[Saved data entries]

☆ ☆ ☆ ☆ ☆

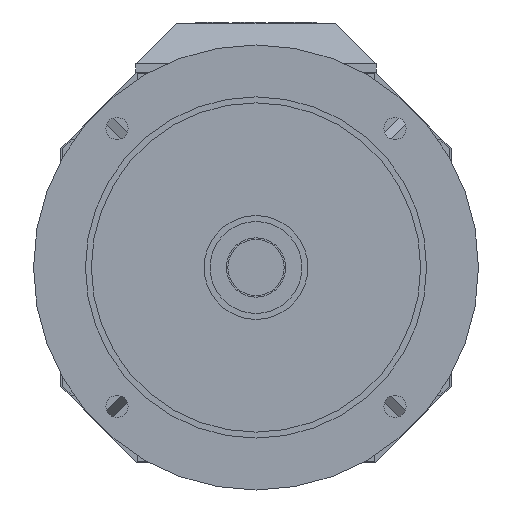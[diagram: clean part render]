
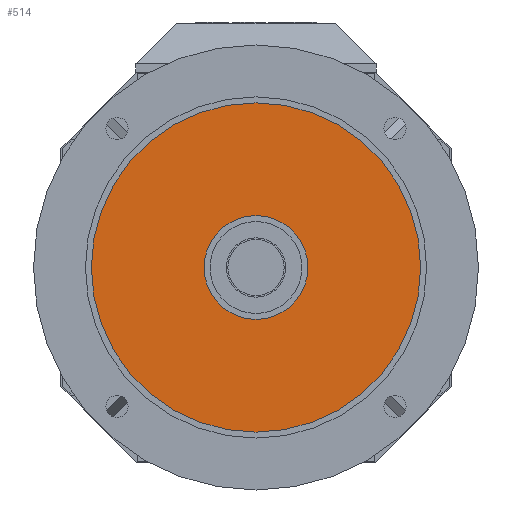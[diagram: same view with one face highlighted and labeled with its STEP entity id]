
A CAD part, front view. The second image highlights one B-rep face of the part: STEP entity #514.
In plain terms, the highlighted planar face has unit normal (0, -1, 0).
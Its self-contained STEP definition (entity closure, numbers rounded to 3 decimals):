
#87=FACE_BOUND('',#969,.T.);
#88=FACE_BOUND('',#970,.T.);
#247=PLANE('',#4448);
#514=ADVANCED_FACE('',(#87,#88),#247,.T.);
#969=EDGE_LOOP('',(#2083,#2084));
#970=EDGE_LOOP('',(#2085,#2086));
#1035=CIRCLE('',#4195,111.);
#1038=CIRCLE('',#4199,35.);
#1112=CIRCLE('',#4443,35.);
#1114=CIRCLE('',#4447,111.);
#2083=ORIENTED_EDGE('',*,*,#2698,.T.);
#2084=ORIENTED_EDGE('',*,*,#3206,.T.);
#2085=ORIENTED_EDGE('',*,*,#3204,.T.);
#2086=ORIENTED_EDGE('',*,*,#2704,.T.);
#2312=VERTEX_POINT('',#5642);
#2313=VERTEX_POINT('',#5644);
#2315=VERTEX_POINT('',#5650);
#2318=VERTEX_POINT('',#5655);
#2698=EDGE_CURVE('',#2313,#2312,#1035,.T.);
#2704=EDGE_CURVE('',#2315,#2318,#1038,.T.);
#3204=EDGE_CURVE('',#2318,#2315,#1112,.T.);
#3206=EDGE_CURVE('',#2312,#2313,#1114,.T.);
#4195=AXIS2_PLACEMENT_3D('',#5643,#4541,#4542);
#4199=AXIS2_PLACEMENT_3D('',#5656,#4552,#4553);
#4443=AXIS2_PLACEMENT_3D('',#6793,#5446,#5447);
#4447=AXIS2_PLACEMENT_3D('',#6797,#5454,#5455);
#4448=AXIS2_PLACEMENT_3D('',#6798,#5456,#5457);
#4541=DIRECTION('',(0.,-1.,0.));
#4542=DIRECTION('',(-1.,0.,0.));
#4552=DIRECTION('',(0.,1.,0.));
#4553=DIRECTION('',(-1.,0.,0.));
#5446=DIRECTION('',(0.,1.,0.));
#5447=DIRECTION('',(-1.,0.,0.));
#5454=DIRECTION('',(0.,-1.,0.));
#5455=DIRECTION('',(-1.,0.,0.));
#5456=DIRECTION('',(0.,-1.,0.));
#5457=DIRECTION('',(0.,0.,1.));
#5642=CARTESIAN_POINT('',(-111.,-275.5,0.));
#5643=CARTESIAN_POINT('',(0.,-275.5,0.));
#5644=CARTESIAN_POINT('',(111.,-275.5,0.));
#5650=CARTESIAN_POINT('',(-35.,-275.5,0.));
#5655=CARTESIAN_POINT('',(35.,-275.5,0.));
#5656=CARTESIAN_POINT('',(0.,-275.5,0.));
#6793=CARTESIAN_POINT('',(0.,-275.5,0.));
#6797=CARTESIAN_POINT('',(0.,-275.5,0.));
#6798=CARTESIAN_POINT('',(0.,-275.5,0.));

☆ ☆ ☆ ☆ ☆

=== DIRECTIONS ===
The answer must be an exact reproduction of the records, with every picture left out.

=== SOLUTION ===
[diagram: clean part render]
[diagram: same view with one face highlighted and labeled with its STEP entity id]
A CAD part, front view. The second image highlights one B-rep face of the part: STEP entity #514.
In plain terms, the highlighted planar face has unit normal (0, -1, 0).
Its self-contained STEP definition (entity closure, numbers rounded to 3 decimals):
#87=FACE_BOUND('',#969,.T.);
#88=FACE_BOUND('',#970,.T.);
#247=PLANE('',#4448);
#514=ADVANCED_FACE('',(#87,#88),#247,.T.);
#969=EDGE_LOOP('',(#2083,#2084));
#970=EDGE_LOOP('',(#2085,#2086));
#1035=CIRCLE('',#4195,111.);
#1038=CIRCLE('',#4199,35.);
#1112=CIRCLE('',#4443,35.);
#1114=CIRCLE('',#4447,111.);
#2083=ORIENTED_EDGE('',*,*,#2698,.T.);
#2084=ORIENTED_EDGE('',*,*,#3206,.T.);
#2085=ORIENTED_EDGE('',*,*,#3204,.T.);
#2086=ORIENTED_EDGE('',*,*,#2704,.T.);
#2312=VERTEX_POINT('',#5642);
#2313=VERTEX_POINT('',#5644);
#2315=VERTEX_POINT('',#5650);
#2318=VERTEX_POINT('',#5655);
#2698=EDGE_CURVE('',#2313,#2312,#1035,.T.);
#2704=EDGE_CURVE('',#2315,#2318,#1038,.T.);
#3204=EDGE_CURVE('',#2318,#2315,#1112,.T.);
#3206=EDGE_CURVE('',#2312,#2313,#1114,.T.);
#4195=AXIS2_PLACEMENT_3D('',#5643,#4541,#4542);
#4199=AXIS2_PLACEMENT_3D('',#5656,#4552,#4553);
#4443=AXIS2_PLACEMENT_3D('',#6793,#5446,#5447);
#4447=AXIS2_PLACEMENT_3D('',#6797,#5454,#5455);
#4448=AXIS2_PLACEMENT_3D('',#6798,#5456,#5457);
#4541=DIRECTION('',(0.,-1.,0.));
#4542=DIRECTION('',(-1.,0.,0.));
#4552=DIRECTION('',(0.,1.,0.));
#4553=DIRECTION('',(-1.,0.,0.));
#5446=DIRECTION('',(0.,1.,0.));
#5447=DIRECTION('',(-1.,0.,0.));
#5454=DIRECTION('',(0.,-1.,0.));
#5455=DIRECTION('',(-1.,0.,0.));
#5456=DIRECTION('',(0.,-1.,0.));
#5457=DIRECTION('',(0.,0.,1.));
#5642=CARTESIAN_POINT('',(-111.,-275.5,0.));
#5643=CARTESIAN_POINT('',(0.,-275.5,0.));
#5644=CARTESIAN_POINT('',(111.,-275.5,0.));
#5650=CARTESIAN_POINT('',(-35.,-275.5,0.));
#5655=CARTESIAN_POINT('',(35.,-275.5,0.));
#5656=CARTESIAN_POINT('',(0.,-275.5,0.));
#6793=CARTESIAN_POINT('',(0.,-275.5,0.));
#6797=CARTESIAN_POINT('',(0.,-275.5,0.));
#6798=CARTESIAN_POINT('',(0.,-275.5,0.));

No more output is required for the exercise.